Ho Mark K, MacGlashan James, Littman Michael L, Cushman Fiery
Department of Cognitive, Linguistic & Psychological Sciences, Brown University, Box 1821, Providence, RI 02912, United States.
Department of Computer Science, Brown University, 115 Waterman St, Providence, RI 02906, United States.
Cognition. 2017 Oct;167:91-106. doi: 10.1016/j.cognition.2017.03.006. Epub 2017 Mar 22.

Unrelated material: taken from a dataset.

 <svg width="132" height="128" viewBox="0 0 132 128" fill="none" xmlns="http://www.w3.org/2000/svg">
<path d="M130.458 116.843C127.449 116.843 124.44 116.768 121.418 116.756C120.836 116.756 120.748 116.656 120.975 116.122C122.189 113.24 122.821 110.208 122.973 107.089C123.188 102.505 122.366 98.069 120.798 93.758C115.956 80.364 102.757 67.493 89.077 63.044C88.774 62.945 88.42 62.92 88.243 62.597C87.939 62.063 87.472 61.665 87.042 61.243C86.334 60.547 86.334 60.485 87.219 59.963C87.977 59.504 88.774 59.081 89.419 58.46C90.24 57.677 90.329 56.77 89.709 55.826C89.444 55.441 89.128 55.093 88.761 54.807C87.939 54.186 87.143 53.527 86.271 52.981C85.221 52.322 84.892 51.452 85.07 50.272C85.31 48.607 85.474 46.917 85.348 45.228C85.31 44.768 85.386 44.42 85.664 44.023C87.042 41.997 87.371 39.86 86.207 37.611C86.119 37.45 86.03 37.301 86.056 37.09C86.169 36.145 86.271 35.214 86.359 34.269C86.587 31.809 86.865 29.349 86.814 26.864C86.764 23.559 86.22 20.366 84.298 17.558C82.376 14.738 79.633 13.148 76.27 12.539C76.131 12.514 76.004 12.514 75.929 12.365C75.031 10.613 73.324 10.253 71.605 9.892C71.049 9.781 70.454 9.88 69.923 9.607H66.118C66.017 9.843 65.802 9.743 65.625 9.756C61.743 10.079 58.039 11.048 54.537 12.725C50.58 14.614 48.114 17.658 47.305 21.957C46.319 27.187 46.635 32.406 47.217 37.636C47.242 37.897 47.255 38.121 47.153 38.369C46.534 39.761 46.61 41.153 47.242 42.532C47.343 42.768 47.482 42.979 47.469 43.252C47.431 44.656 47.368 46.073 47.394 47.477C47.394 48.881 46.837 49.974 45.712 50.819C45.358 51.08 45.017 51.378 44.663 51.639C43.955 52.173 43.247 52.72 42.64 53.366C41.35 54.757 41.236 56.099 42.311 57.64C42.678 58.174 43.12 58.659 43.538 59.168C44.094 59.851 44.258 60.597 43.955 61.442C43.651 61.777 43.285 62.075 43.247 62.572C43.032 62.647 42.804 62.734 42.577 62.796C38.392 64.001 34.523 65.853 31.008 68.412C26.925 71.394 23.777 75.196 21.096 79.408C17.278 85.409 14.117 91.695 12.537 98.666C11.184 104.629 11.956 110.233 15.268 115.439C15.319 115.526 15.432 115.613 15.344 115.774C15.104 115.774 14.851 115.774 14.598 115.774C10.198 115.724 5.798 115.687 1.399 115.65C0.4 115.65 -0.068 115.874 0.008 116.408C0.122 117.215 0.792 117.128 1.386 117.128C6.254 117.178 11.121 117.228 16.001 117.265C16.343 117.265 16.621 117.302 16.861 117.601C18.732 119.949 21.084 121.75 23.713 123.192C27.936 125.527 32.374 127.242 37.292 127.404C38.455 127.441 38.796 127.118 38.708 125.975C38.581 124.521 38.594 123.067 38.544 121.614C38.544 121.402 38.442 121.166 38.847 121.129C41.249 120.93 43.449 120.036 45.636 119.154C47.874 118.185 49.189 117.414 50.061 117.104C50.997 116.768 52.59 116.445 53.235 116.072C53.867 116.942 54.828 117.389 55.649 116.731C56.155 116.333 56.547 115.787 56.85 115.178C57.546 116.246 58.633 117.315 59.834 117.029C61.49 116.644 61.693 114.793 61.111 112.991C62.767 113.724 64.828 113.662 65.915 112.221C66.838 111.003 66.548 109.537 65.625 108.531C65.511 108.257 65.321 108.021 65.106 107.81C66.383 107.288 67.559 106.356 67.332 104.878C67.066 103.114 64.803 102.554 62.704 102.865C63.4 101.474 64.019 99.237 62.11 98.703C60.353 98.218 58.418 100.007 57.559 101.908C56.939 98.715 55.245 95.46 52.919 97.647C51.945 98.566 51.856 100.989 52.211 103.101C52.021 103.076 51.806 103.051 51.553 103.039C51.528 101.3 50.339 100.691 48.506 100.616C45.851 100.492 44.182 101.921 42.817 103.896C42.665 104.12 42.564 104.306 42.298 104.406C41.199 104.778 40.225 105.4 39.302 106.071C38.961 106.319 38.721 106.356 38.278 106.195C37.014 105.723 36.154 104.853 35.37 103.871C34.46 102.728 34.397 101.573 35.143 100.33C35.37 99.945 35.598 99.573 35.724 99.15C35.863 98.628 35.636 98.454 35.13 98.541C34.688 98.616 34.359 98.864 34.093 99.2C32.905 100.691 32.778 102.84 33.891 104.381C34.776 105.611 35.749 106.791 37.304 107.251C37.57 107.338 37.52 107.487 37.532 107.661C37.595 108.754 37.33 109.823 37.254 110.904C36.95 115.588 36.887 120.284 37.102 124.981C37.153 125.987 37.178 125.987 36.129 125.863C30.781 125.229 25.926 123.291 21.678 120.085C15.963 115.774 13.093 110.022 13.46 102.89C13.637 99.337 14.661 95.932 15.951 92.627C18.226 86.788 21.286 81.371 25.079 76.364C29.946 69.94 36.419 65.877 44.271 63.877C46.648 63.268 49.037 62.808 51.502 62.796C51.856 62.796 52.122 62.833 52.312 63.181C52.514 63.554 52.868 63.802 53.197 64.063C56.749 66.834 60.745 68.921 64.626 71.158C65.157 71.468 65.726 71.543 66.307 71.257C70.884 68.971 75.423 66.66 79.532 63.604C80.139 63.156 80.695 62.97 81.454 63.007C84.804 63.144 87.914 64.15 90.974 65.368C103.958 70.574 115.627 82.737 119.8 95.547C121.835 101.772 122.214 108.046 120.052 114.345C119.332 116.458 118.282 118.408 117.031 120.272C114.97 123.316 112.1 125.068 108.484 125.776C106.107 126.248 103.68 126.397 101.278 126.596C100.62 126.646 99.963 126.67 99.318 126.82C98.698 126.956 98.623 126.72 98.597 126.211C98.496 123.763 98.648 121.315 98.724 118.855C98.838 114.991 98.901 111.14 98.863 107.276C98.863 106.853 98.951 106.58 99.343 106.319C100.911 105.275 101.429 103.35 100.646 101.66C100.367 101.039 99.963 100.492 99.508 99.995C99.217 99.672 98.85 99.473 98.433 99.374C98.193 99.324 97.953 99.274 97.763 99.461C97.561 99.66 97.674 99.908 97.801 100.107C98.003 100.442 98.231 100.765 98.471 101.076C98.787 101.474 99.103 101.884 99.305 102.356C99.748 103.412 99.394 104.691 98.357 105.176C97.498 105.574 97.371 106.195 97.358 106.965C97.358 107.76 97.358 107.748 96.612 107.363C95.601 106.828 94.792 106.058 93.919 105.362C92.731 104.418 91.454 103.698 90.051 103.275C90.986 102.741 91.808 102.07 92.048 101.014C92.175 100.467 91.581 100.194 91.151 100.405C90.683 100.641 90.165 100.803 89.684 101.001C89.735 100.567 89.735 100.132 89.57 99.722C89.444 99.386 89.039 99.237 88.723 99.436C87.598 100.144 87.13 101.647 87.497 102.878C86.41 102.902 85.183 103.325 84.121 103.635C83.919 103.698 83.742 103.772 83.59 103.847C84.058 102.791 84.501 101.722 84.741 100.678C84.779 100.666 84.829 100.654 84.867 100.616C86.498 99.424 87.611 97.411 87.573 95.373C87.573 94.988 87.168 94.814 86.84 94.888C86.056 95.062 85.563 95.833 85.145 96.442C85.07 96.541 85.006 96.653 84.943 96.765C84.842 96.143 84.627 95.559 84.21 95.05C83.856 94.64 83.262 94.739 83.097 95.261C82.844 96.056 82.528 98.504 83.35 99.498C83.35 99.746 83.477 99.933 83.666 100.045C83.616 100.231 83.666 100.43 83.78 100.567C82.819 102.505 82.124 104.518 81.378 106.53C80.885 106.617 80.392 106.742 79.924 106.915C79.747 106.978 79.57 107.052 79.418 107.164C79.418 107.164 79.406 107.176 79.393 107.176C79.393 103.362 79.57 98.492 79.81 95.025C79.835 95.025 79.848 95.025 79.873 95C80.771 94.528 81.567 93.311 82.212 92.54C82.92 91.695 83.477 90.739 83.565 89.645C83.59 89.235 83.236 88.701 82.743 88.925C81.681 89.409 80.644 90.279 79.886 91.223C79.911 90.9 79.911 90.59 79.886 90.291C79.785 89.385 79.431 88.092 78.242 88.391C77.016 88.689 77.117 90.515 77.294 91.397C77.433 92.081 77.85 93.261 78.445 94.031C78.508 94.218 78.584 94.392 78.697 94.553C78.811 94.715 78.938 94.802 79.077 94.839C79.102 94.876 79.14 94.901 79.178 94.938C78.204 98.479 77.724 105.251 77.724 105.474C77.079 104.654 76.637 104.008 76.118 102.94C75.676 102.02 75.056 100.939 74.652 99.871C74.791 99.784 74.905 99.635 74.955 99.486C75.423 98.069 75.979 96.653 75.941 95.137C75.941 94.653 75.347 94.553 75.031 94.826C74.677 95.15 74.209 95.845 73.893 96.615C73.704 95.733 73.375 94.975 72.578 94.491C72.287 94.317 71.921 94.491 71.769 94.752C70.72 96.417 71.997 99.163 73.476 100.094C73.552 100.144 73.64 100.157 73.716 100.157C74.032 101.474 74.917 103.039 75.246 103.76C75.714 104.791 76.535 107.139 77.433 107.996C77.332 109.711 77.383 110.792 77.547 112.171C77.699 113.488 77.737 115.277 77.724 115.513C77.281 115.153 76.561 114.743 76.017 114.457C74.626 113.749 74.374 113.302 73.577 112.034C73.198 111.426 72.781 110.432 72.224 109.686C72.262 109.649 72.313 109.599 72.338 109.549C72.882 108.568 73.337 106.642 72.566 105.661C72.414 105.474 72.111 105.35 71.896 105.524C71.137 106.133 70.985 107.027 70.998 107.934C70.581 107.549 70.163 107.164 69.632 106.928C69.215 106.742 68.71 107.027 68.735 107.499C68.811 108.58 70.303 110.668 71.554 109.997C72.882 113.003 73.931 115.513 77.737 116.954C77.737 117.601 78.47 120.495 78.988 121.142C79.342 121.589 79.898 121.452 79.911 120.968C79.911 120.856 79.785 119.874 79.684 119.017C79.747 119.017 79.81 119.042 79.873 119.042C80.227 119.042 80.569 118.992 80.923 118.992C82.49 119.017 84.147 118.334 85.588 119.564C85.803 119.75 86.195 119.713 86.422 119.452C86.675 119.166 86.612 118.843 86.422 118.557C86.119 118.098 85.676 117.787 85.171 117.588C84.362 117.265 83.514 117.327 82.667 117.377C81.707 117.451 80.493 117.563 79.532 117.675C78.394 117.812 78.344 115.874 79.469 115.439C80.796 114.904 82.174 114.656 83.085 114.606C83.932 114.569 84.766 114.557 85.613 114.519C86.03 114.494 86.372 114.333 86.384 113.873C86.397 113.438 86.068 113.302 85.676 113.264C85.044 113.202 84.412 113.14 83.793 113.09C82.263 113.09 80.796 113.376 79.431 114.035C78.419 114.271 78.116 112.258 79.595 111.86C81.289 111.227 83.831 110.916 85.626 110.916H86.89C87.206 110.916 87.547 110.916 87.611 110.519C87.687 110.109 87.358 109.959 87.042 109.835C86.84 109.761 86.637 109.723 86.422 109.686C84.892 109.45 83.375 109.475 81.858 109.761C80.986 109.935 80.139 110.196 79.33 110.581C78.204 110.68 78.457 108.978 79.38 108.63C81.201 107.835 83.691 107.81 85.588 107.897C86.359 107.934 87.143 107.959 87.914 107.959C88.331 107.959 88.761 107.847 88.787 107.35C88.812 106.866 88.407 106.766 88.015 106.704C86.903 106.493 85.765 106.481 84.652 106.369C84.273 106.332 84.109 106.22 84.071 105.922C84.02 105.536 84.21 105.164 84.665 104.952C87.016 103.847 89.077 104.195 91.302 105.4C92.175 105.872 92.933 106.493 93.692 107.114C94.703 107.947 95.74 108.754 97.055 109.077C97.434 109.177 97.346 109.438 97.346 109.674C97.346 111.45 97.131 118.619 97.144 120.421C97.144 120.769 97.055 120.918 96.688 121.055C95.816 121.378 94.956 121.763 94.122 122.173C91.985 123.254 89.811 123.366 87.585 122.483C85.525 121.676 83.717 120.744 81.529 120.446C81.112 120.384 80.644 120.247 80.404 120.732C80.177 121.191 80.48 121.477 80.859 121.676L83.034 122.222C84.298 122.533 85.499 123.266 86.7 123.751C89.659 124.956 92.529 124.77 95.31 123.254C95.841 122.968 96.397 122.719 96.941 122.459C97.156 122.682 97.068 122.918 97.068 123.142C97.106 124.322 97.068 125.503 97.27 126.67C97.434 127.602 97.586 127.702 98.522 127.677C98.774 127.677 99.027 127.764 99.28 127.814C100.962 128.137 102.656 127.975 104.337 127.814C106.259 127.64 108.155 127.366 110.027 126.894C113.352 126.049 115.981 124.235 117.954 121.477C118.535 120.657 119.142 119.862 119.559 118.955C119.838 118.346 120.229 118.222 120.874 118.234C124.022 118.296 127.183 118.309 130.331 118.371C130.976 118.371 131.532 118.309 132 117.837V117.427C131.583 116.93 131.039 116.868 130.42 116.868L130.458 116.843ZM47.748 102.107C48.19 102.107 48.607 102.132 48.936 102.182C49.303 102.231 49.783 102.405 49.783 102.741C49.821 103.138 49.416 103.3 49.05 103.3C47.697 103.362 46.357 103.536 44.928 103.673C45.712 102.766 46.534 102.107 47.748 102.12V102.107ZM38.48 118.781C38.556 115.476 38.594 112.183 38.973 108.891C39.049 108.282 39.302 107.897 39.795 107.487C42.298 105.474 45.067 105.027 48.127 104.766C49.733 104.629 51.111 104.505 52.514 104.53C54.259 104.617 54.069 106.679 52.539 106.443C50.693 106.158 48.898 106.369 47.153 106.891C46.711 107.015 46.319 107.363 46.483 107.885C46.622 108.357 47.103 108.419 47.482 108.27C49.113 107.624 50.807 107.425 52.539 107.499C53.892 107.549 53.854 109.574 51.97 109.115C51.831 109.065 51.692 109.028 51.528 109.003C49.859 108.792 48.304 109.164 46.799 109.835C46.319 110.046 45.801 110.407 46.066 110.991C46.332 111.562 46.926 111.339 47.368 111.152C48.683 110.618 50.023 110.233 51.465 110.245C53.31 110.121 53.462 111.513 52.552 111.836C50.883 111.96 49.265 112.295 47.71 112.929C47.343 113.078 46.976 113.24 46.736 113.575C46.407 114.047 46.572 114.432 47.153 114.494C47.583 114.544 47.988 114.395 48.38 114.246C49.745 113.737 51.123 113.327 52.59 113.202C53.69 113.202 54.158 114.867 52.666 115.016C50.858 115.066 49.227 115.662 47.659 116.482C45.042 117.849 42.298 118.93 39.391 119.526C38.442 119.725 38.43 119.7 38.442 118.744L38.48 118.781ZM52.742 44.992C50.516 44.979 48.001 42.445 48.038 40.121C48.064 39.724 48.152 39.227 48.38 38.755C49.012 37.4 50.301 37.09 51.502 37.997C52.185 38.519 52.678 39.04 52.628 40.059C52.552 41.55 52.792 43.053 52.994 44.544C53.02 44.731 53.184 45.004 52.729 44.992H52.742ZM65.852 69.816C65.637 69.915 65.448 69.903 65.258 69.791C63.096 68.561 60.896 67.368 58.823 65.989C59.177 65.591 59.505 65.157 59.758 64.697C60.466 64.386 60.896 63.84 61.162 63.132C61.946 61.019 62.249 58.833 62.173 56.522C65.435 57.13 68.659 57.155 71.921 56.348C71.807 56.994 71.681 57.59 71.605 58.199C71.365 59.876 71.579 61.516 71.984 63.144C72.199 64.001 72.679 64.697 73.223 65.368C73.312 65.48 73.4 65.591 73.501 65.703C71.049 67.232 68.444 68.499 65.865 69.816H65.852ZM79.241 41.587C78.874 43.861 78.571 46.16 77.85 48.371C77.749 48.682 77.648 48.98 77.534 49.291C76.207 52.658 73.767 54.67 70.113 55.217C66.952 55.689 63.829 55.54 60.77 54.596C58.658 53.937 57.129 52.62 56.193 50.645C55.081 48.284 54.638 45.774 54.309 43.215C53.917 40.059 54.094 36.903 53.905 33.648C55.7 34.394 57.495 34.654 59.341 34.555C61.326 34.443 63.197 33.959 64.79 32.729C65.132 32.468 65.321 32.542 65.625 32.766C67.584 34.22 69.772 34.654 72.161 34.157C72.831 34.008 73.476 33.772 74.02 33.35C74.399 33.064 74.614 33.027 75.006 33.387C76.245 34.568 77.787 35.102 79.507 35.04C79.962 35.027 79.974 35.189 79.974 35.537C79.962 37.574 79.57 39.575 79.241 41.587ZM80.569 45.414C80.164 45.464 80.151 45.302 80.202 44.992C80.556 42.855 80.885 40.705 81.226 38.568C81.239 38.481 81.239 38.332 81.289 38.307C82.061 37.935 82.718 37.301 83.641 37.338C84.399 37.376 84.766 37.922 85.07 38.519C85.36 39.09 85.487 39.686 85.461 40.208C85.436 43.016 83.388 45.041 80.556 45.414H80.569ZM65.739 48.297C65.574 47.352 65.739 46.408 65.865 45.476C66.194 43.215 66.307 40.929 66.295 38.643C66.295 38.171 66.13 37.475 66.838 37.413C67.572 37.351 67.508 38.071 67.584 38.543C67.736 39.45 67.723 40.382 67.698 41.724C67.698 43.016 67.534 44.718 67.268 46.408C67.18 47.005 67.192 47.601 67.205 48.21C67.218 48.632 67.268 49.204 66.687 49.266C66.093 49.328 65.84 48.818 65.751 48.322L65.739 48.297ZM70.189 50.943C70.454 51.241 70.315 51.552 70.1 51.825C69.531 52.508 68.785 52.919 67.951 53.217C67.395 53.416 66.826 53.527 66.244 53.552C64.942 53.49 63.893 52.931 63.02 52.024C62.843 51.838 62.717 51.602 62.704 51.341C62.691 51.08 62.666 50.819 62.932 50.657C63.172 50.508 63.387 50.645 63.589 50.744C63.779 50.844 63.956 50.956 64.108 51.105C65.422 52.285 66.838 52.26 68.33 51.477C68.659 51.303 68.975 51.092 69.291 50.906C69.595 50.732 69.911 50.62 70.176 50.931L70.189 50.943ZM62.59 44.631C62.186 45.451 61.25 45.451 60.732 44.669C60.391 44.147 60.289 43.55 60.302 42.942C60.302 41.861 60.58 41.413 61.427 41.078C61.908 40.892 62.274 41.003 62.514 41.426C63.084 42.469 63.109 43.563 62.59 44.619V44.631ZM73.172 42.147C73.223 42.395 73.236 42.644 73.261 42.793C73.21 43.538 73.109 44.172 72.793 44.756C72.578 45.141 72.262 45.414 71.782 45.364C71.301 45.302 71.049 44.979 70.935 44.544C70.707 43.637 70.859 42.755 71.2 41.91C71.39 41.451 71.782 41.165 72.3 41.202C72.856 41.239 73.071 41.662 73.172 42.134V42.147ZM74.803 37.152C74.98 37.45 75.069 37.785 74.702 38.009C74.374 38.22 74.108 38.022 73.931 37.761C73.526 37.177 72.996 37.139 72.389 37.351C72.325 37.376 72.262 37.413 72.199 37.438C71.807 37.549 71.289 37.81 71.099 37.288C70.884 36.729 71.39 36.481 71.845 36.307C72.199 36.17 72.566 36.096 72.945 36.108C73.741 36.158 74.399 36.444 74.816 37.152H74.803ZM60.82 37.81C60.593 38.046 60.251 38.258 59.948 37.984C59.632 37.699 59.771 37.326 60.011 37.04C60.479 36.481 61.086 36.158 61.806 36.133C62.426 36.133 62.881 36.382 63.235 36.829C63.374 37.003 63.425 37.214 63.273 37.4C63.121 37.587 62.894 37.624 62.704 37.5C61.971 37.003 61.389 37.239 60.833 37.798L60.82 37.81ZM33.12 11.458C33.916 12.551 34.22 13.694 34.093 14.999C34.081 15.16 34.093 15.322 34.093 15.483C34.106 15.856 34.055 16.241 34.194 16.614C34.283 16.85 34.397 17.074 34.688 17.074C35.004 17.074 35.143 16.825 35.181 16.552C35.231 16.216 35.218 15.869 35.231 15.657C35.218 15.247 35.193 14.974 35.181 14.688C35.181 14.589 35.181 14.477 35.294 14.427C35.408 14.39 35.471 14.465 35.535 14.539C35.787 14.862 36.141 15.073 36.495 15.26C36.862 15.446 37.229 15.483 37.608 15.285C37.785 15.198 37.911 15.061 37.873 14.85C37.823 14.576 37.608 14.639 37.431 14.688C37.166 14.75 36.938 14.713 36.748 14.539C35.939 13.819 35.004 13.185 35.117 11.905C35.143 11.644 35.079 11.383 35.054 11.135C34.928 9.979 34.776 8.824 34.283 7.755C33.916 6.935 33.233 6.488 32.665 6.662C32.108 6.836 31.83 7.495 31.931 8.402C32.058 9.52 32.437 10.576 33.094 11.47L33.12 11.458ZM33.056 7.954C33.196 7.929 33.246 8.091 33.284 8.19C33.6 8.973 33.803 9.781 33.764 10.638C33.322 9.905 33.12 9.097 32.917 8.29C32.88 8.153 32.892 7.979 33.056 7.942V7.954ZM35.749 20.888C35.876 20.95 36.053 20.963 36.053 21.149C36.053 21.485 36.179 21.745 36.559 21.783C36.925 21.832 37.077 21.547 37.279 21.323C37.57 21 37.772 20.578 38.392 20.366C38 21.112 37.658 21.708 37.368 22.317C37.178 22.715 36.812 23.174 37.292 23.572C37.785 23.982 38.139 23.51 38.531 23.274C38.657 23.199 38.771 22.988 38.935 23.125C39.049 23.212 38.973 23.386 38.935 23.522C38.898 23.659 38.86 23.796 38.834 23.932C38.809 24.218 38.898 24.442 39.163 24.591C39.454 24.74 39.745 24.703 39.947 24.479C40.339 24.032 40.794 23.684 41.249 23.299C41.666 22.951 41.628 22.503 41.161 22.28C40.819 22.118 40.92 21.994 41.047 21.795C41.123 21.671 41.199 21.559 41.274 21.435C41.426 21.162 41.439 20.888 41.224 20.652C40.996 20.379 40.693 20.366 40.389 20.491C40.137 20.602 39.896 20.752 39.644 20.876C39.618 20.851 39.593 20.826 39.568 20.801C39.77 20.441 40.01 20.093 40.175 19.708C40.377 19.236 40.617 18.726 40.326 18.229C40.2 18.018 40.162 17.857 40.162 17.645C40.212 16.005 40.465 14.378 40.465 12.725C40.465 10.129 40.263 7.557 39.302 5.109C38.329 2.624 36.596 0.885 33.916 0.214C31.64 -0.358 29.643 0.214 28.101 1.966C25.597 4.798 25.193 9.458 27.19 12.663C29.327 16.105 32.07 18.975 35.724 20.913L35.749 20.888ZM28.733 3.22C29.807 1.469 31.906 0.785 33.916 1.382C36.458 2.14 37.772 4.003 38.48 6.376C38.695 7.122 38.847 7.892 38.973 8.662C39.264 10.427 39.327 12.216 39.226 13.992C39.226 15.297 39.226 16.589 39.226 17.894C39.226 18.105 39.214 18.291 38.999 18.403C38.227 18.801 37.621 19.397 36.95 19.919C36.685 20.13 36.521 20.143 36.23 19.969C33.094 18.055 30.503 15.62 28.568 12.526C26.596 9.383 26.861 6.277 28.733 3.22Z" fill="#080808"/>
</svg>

Humans often attempt to influence one another's behavior using rewards and punishments. How does this work? Psychologists have often assumed that "evaluative feedback" influences behavior via standard learning mechanisms that learn from environmental contingencies. On this view, teaching with evaluative feedback involves leveraging learning systems designed to maximize an organism's positive outcomes. Yet, despite its parsimony, programs of research predicated on this assumption, such as ones in developmental psychology, animal behavior, and human-robot interaction, have had limited success. We offer an explanation by analyzing the logic of evaluative feedback and show that specialized learning mechanisms are uniquely favored in the case of evaluative feedback from a social partner. Specifically, evaluative feedback works best when it is treated as communicating information about the value of an action rather than as a form of reward to be maximized. This account suggests that human learning from evaluative feedback depends on inferences about communicative intent, goals and other mental states-much like learning from other sources, such as demonstration, observation and instruction. Because these abilities are especially developed in humans, the present account also explains why evaluative feedback is far more widespread in humans than non-human animals.
人类常常试图通过奖励和惩罚来影响彼此的行为。这是如何起作用的呢?心理学家们常常假定“评价性反馈”是通过从环境偶然性中学习的标准学习机制来影响行为的。按照这种观点,利用评价性反馈进行教学涉及利用旨在使生物体的积极结果最大化的学习系统。然而,尽管这种观点简洁明了,但基于这一假设的研究项目,比如发展心理学、动物行为学以及人机交互方面的研究,取得的成功却很有限。我们通过分析评价性反馈的逻辑给出了一种解释,并表明在来自社会伙伴的评价性反馈的情况下,专门的学习机制具有独特的优势。具体而言,当评价性反馈被视为传达有关一种行为的价值的信息,而不是被视为一种要最大化的奖励形式时,它的效果最佳。这种解释表明,人类从评价性反馈中学习依赖于对交际意图、目标和其他心理状态的推断——这与从其他来源(如示范、观察和指导)学习非常相似。由于这些能力在人类中尤其发达,所以目前的解释也说明了为什么评价性反馈在人类中比在非人类动物中更为普遍。